■ REQUIREMENT ■
Return all the entries below exactly, except for the images they hold.

::: DATA FOR ANALYSIS

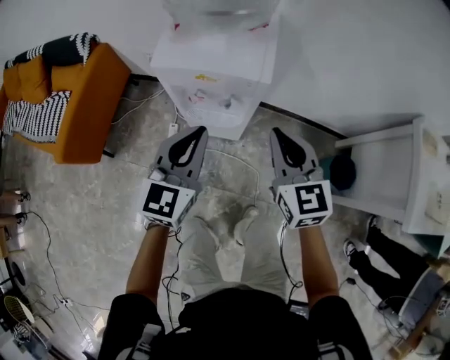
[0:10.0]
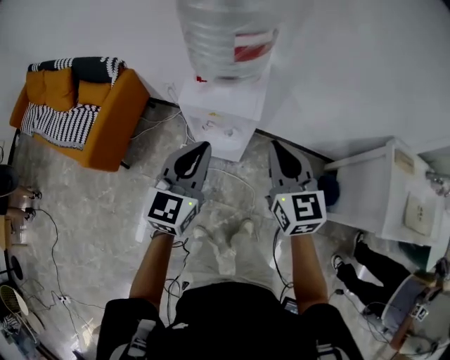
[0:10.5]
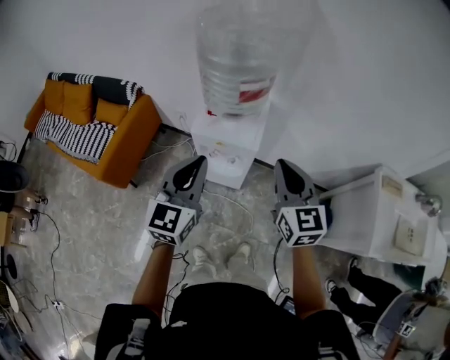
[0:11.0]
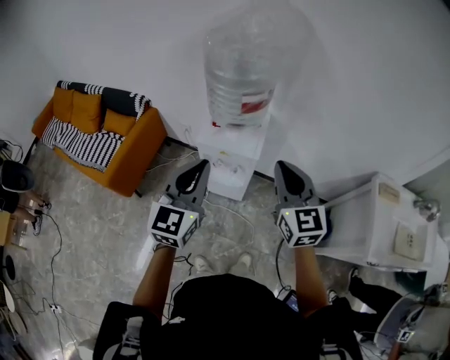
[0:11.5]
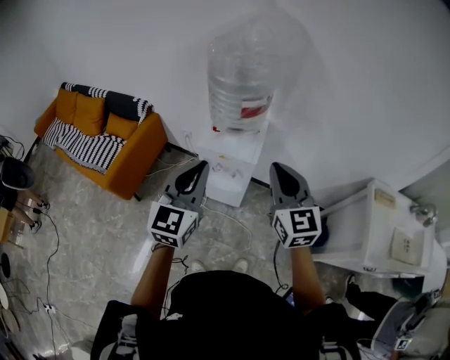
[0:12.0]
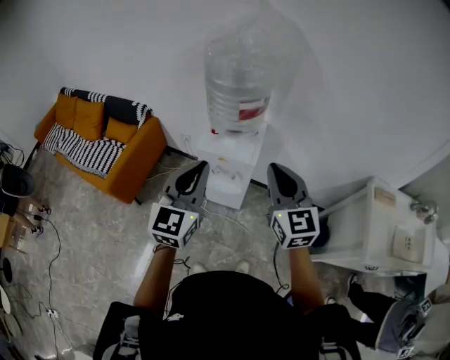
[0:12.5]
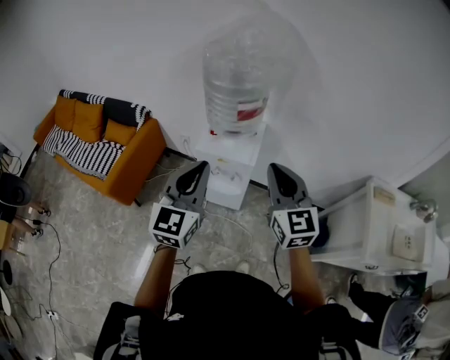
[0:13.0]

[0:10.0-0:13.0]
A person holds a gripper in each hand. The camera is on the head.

::::::

■ WRITTEN REPLY ■
[0:10.0]
[0:10.5]
[0:11.0]
[0:11.5]
[0:12.0]
[0:12.5]
[0:13.0]

[0:10.0-0:13.0]
A person holds a gripper in each hand. The camera is on the head.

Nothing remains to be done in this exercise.